"A verdade de outra pessoa não está no que ela te revela, mas naquilo que não pode revelar-te. Portanto, se quiseres compreendê-la, não escute o que ela diz, mas antes, o que ela não diz."
(Khalil Gibran)
É preciso saber ouvir os silêncios. Os meus, os seus, os nossos. Para quem não sabe: o silêncio tem som. O grande problema é que muitos não sabem ouvi-lo, seja por pavor ou ignorância. Então arrumam várias tarefas ao mesmo tempo, se escondem em músicas, filmes, livros, bocas.
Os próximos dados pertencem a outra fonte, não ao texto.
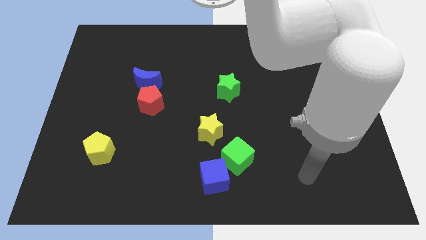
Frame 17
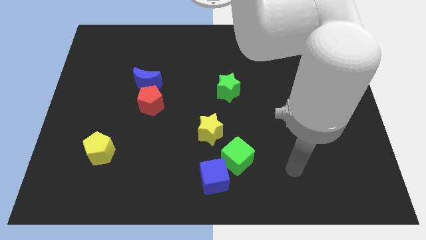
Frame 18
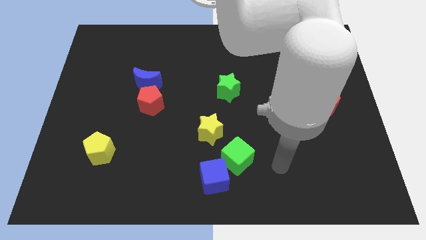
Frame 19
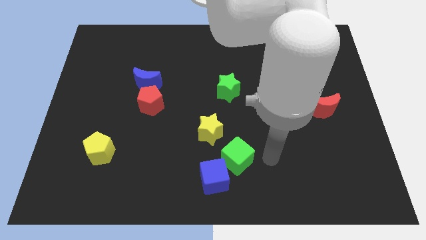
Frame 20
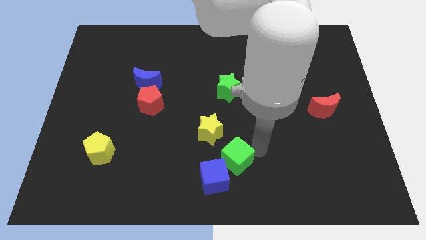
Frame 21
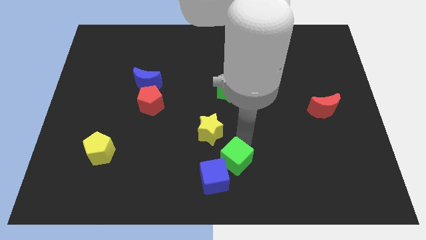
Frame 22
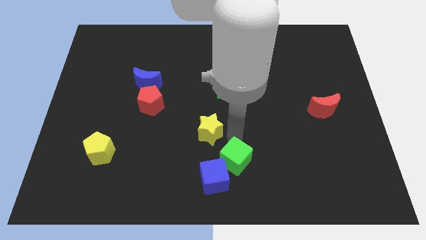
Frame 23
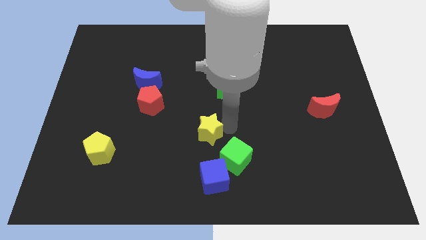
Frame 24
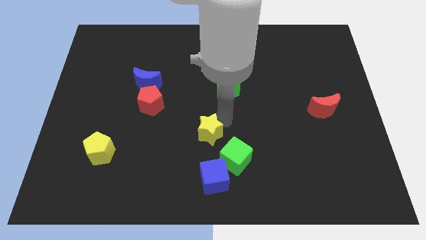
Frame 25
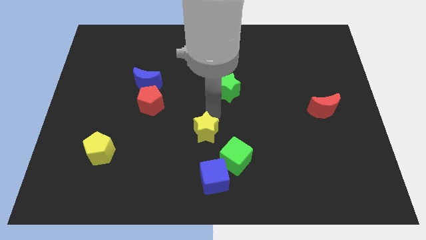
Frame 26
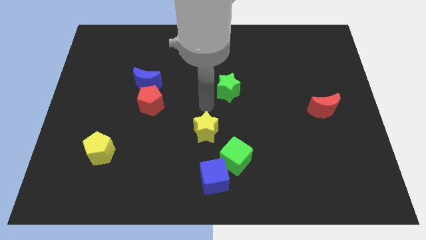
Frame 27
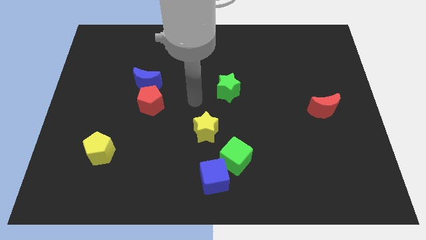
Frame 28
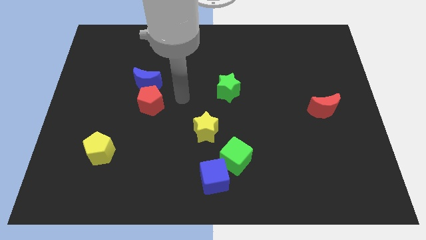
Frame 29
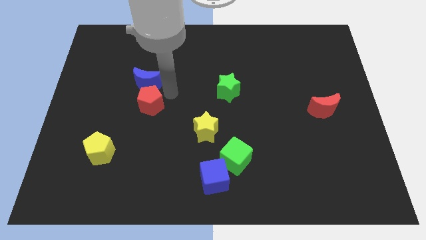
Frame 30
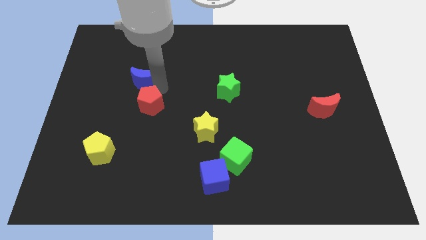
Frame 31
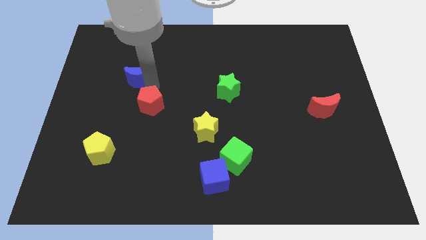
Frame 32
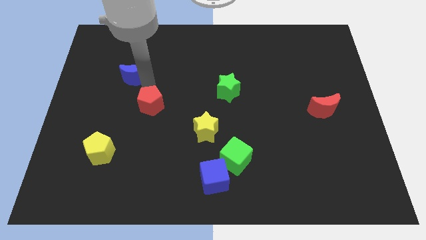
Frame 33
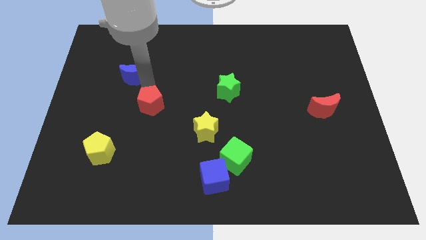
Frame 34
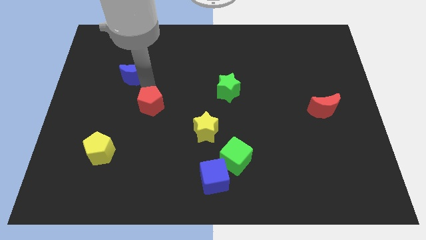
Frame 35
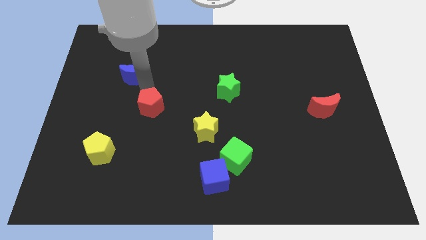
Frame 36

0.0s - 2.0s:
pull the red pentagon apart from the blue moon

E, inconscientemente, vão se enganando.
Há um tempo atrás eu me enganava, preferia não ouvir o silêncio, a quietude me agitava e eu precisava de barulhos externos, pois os internos faziam rave dentro de mim. Não acabava pela manhã, era uma rave eterna. Um dia, não sei bem em que horário, resolvi tirar o sapato, pegar a minha bolsa e ir embora da festa. Tomei um banho (já percebeu que pensamos com mais transparência depois de limpos e perfumados?) e decidi: quero o meu silêncio. Liguei para ele e disse "vem pra cá, preciso de você". Fiz umas rosquinhas e um chá de morango e sentei, a fim de esperá-lo.
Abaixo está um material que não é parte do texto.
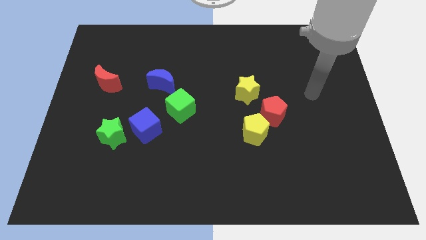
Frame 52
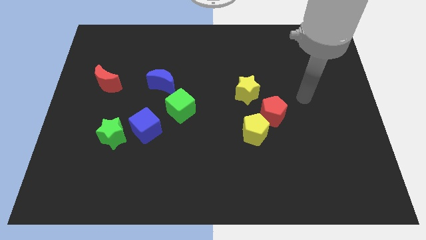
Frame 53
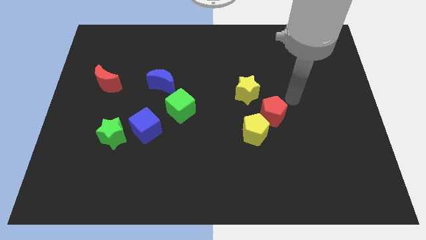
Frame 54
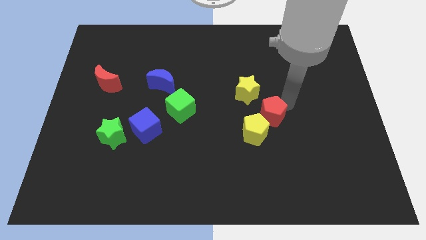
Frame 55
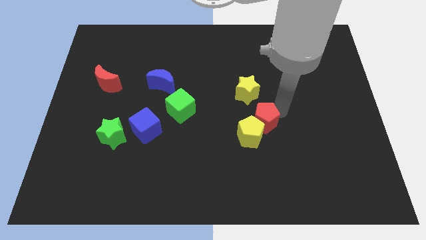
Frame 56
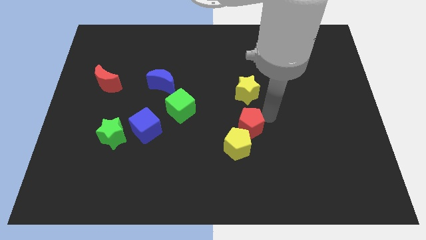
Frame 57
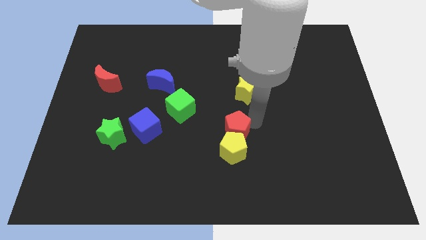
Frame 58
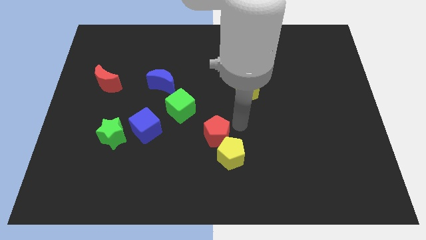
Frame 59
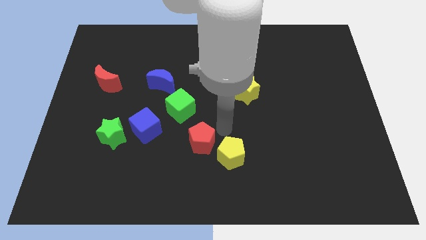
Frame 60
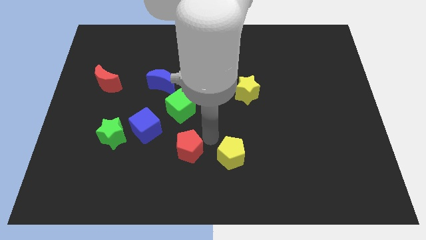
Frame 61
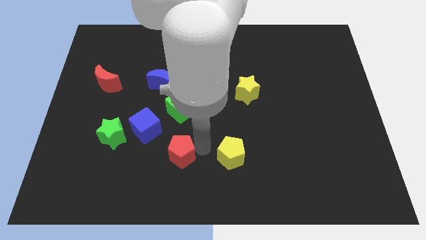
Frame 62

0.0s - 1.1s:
separate the yellow pentagon from the red pentagon

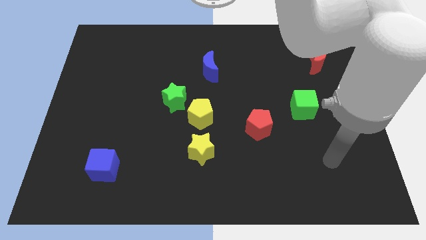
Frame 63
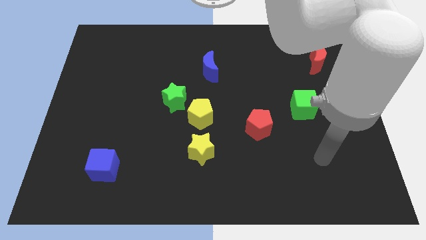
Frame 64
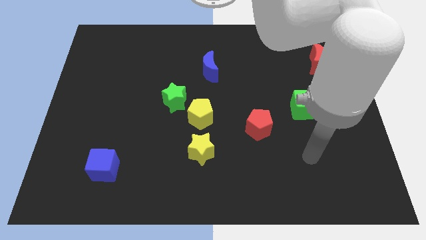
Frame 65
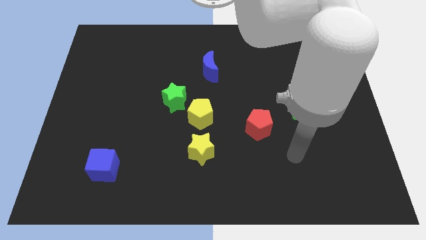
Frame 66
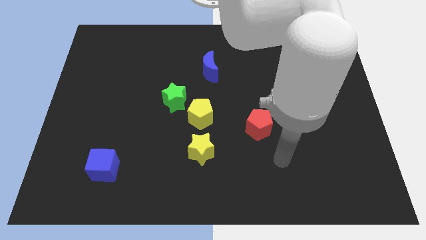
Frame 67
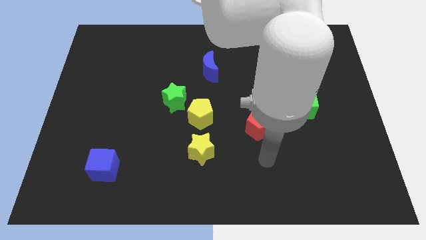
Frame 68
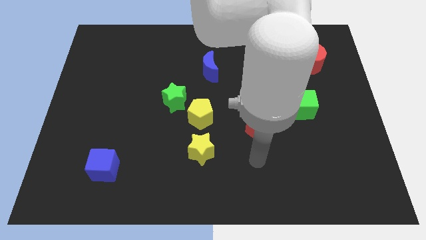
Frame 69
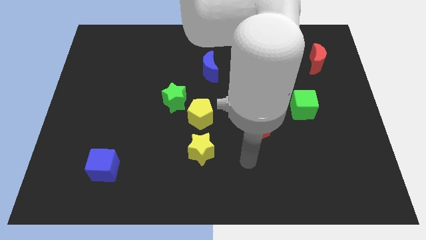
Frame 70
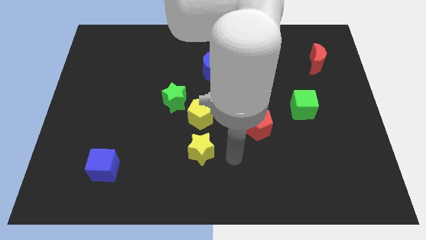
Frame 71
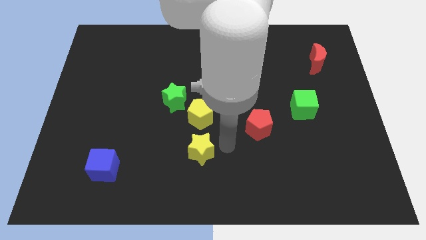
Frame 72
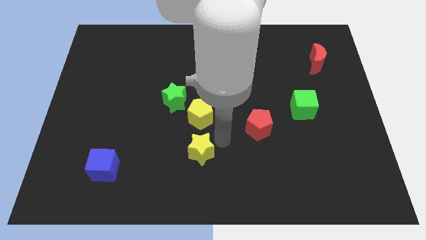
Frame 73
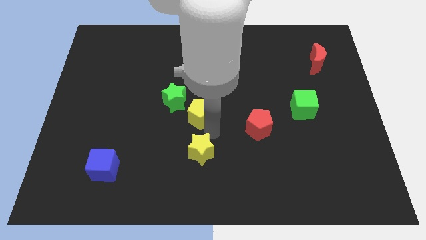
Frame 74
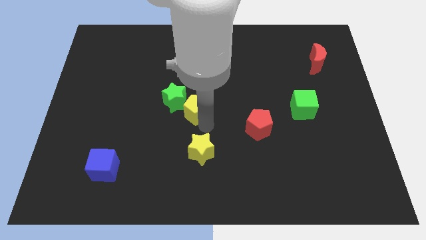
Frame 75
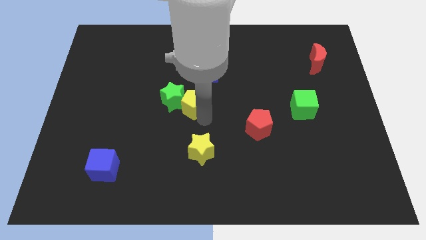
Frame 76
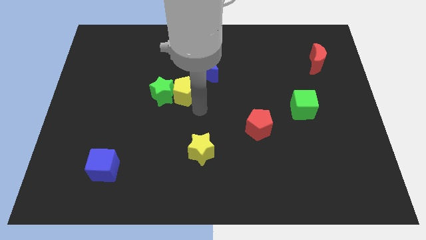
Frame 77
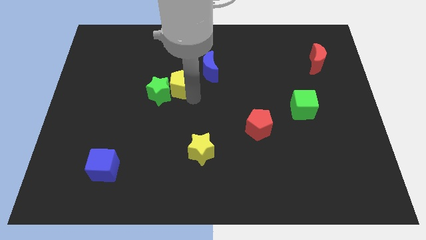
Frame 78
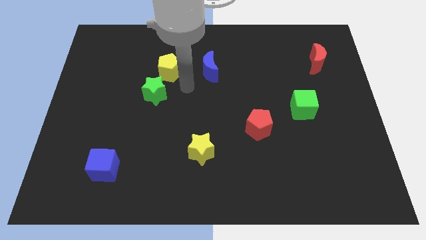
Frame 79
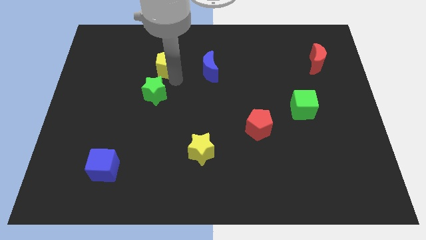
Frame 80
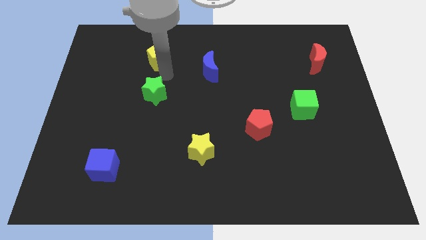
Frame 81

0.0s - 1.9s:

Depois de alguns minutos, lá estava ele. E ainda trouxe companhia: a paz. Mas a paz é um pouco tímida, demora para se sentir em casa, então chegou e ficou quieta, não quis conversar comigo. Ficamos, então, eu e o silêncio. Comecei a aprender coisas, compartilhamos momentos, passado, presente e pensamos a longo prazo, somos bem organizados, temos foco, nos preocupamos com o futuro. Dividi sentimentos, inquietações, arrombamentos emocionais, pois todos nós um dia fomos ou seremos ou somos furtados, roubados, lesados ou invadidos emocionalmente. Ele me ouviu atentamente, o silêncio é um bom amigo, além de fiel, pois nunca lhe vira as costas ou altera o tom de voz. Ele é calmo, manso, sereno, cuidadoso.
Depois de muito diálogo, abraços carinhosos, cafunés, risadas, recordações e planos, o silêncio conversou com a paz e disse que já era hora dela abrir a geladeira. Você sabe: nos sentimos realmente à vontade na casa de alguém quando abrimos a geladeira com a maior naturalidade do planeta. A paz levantou, caminhou passos vagarosos e abriu a porta da minha geladeira. Pegou uma garrafa de suco de laranja, procurou um copo, encheu, tomou e perguntou se eu queria um pouco. Aceitei, adoro suco de laranja. Sem gelo e sem sementes.
Ficamos lá, nós três: eu, o silêncio e a paz. E foi aí que começou um triângulo amoroso que, acredito eu, não terá fim. É preciso saber ouvir os silêncios. Os meus, os seus, os nossos. Para quem não sabe: o silêncio tem som. Descubra os acordes do seu.